As lacerdinhas [adultos
(pretos), ninfas (amareladas) e ovos (brancos)] se alojavam no interior das
folhas novas dos fícus
Tamanho das lacerdinhas _poucos milímetros
A praga que veio de longe
Um pequeno inseto, com 2 a 3
milímetros de comprimento, conhecido como tripes G. Figorum desembarcou no Brasil, provavelmente em mudas contaminadas,
bem no início dos anos 60. E a partir dessa época, foram se proliferando pelos logradouros públicos
da cidade portuária do Rio de Janeiro, onde crescia um grande número de árvores
adultas de Fícus microcarpa.
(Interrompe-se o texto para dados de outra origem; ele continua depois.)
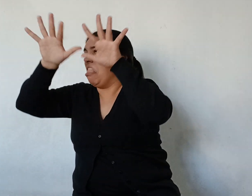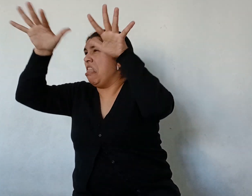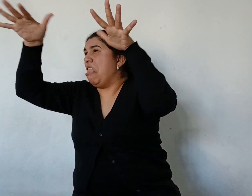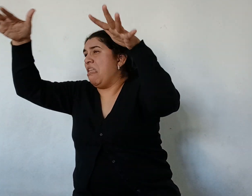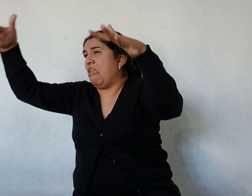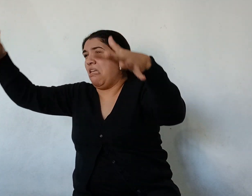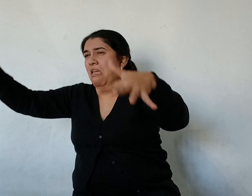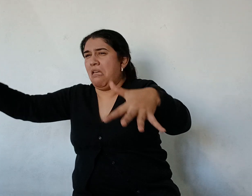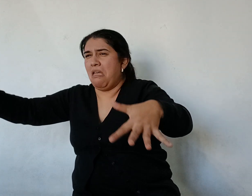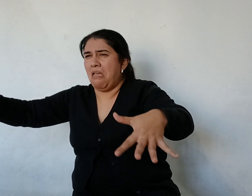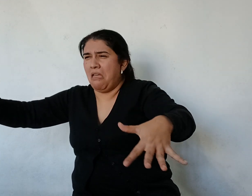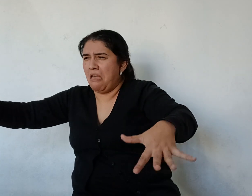Todo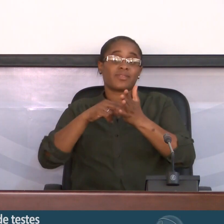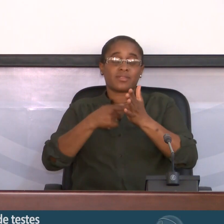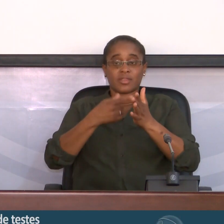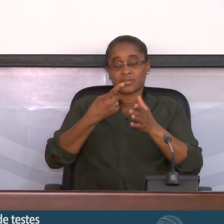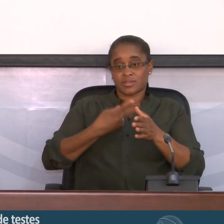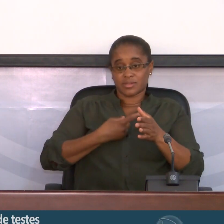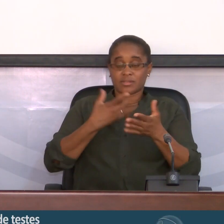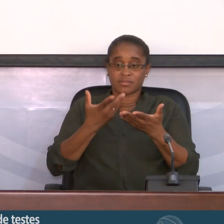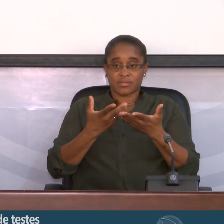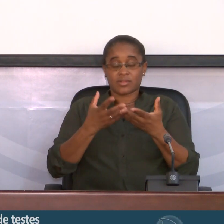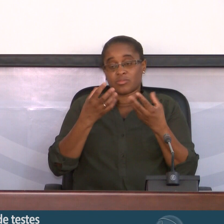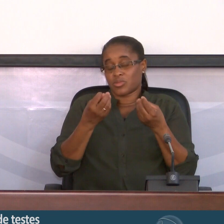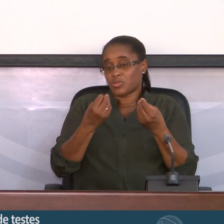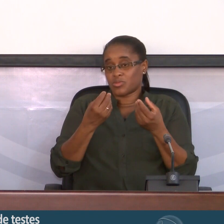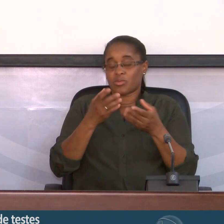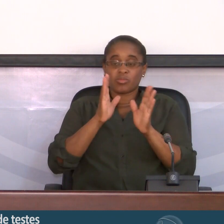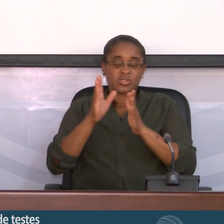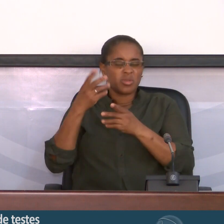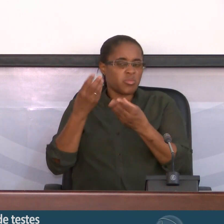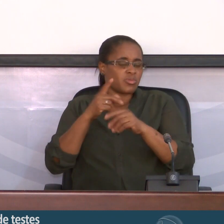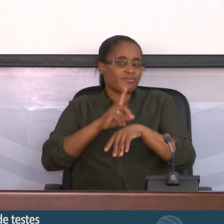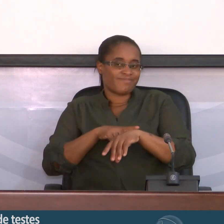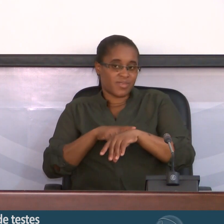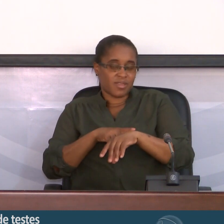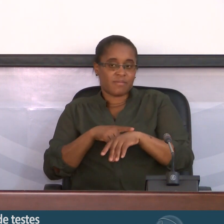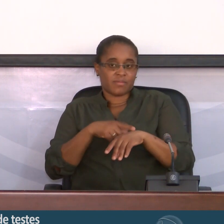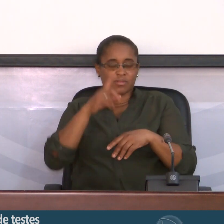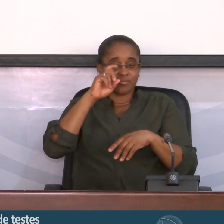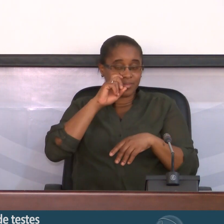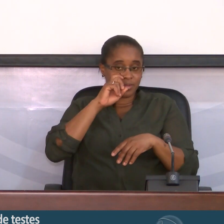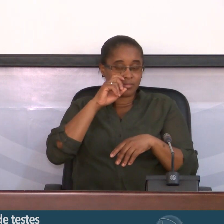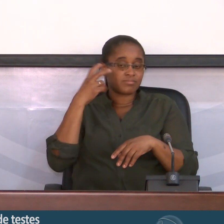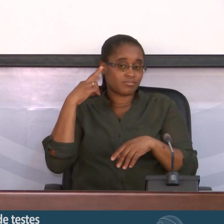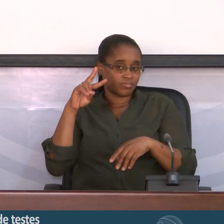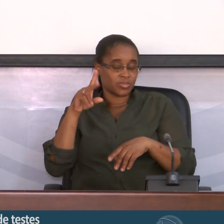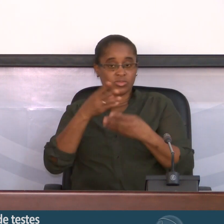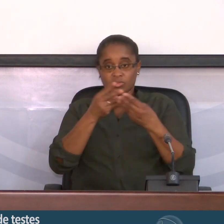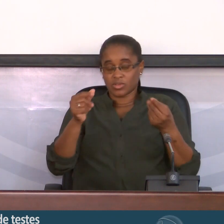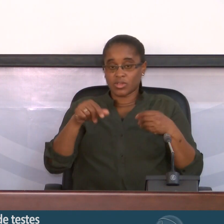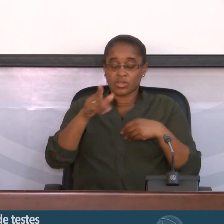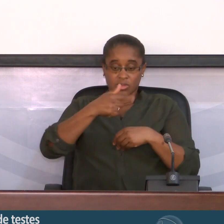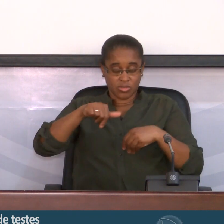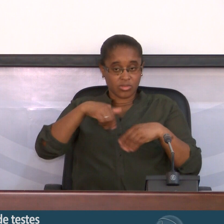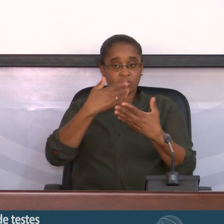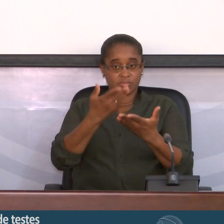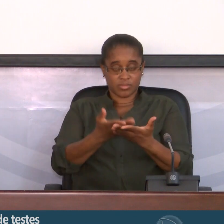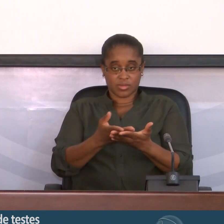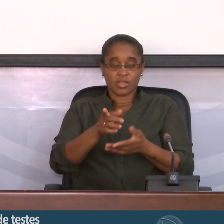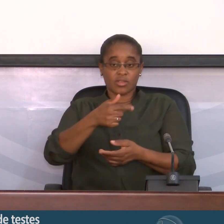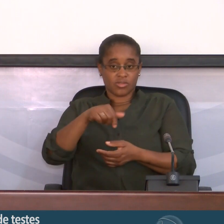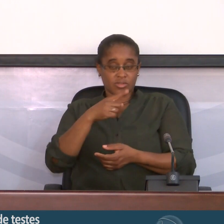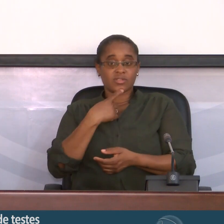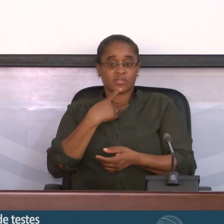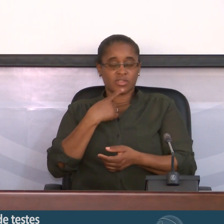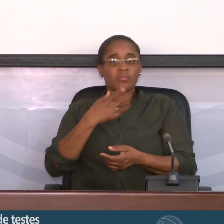é um processo que leva muito tempo a garantir a qualidade dos resultados que nós damos. Nós entendemos que não é, e inclusive

Ano a
ano, a praga foi se alastrando, por onde encontrava seu hospedeiro preferido, de
norte a sul do país.
Nessa época, no Rio de Janeiro, o tripes ganhou o apelido de ‘lacerdinha’,
uma sátira ao político Carlos Lacerda que então governava o Estado da Guanabara
(1960-65) e o apelido pegou. Pegou tanto que popularmente o Fícus microcarpa é hoje conhecido como:
árvore-lacerdinha, fícus-lacerdinha ou figueira-lacerdinha. O apelido também é
bastante citado na internet, inclusive em sites estrangeiros e até mesmo em livros
científicos como nome popular, tanto para planta como para sua praga, o tripes G. Figorum.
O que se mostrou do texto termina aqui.